## WORK TASK
In your copy, reproduce each entry exactly and leave out the pictures.
[Opening RECORDS FOR PROCESSING section]
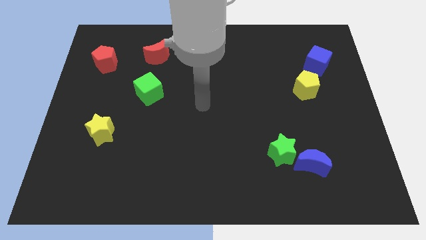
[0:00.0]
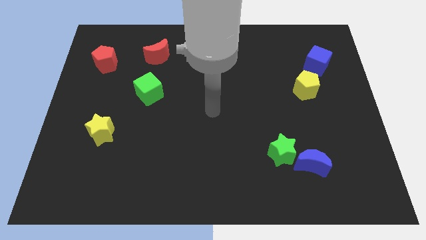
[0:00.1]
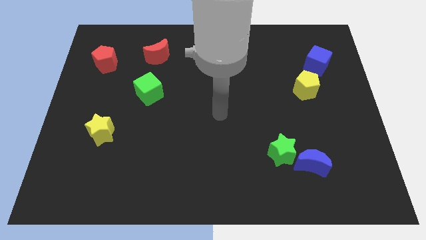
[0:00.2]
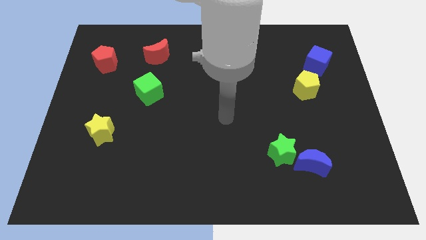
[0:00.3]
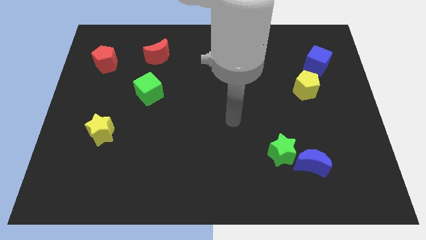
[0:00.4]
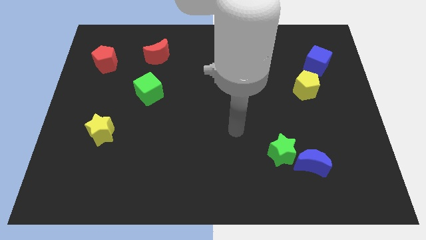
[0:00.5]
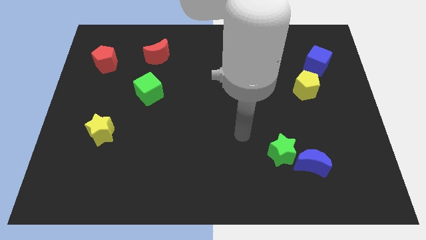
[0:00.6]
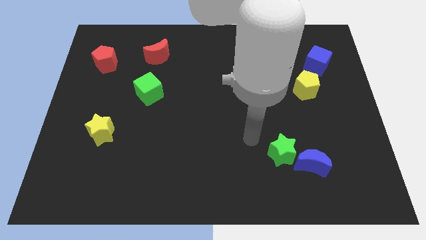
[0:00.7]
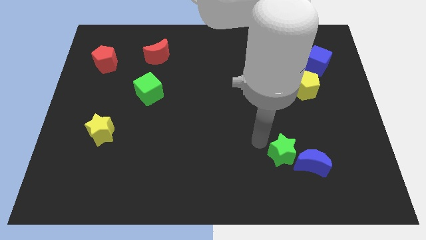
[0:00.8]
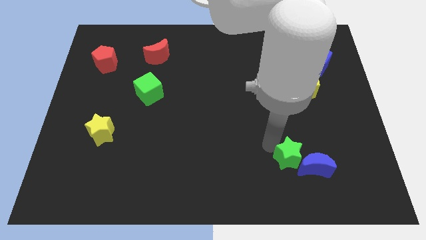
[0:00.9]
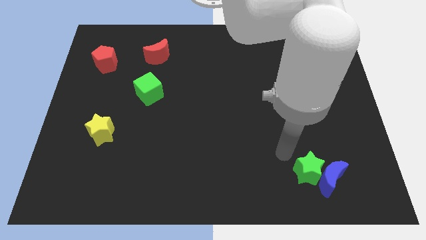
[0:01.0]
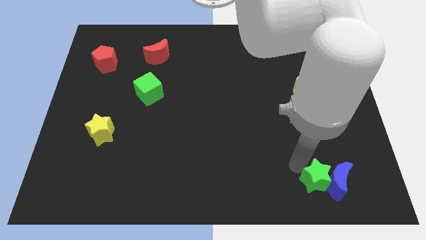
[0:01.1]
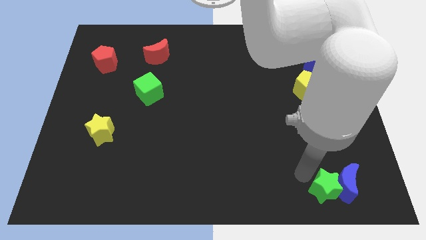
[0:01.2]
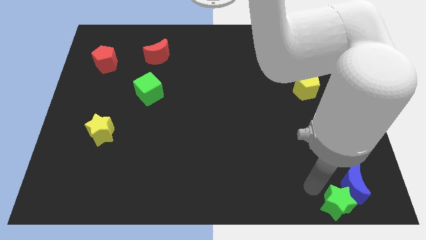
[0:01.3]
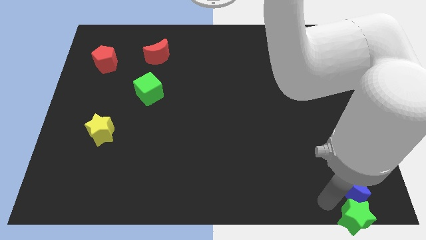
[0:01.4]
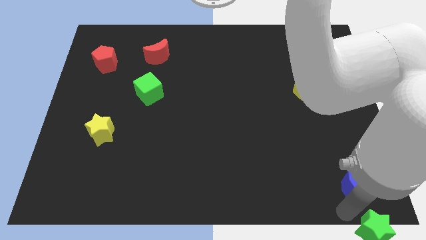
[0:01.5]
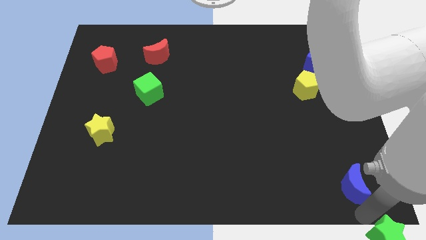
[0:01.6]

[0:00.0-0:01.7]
separate the blue moon from the green star
[Closing RECORDS FOR PROCESSING section]
## WRITTEN SOLUTION
[0:00.0]
[0:00.1]
[0:00.2]
[0:00.3]
[0:00.4]
[0:00.5]
[0:00.6]
[0:00.7]
[0:00.8]
[0:00.9]
[0:01.0]
[0:01.1]
[0:01.2]
[0:01.3]
[0:01.4]
[0:01.5]
[0:01.6]

[0:00.0-0:01.7]
separate the blue moon from the green star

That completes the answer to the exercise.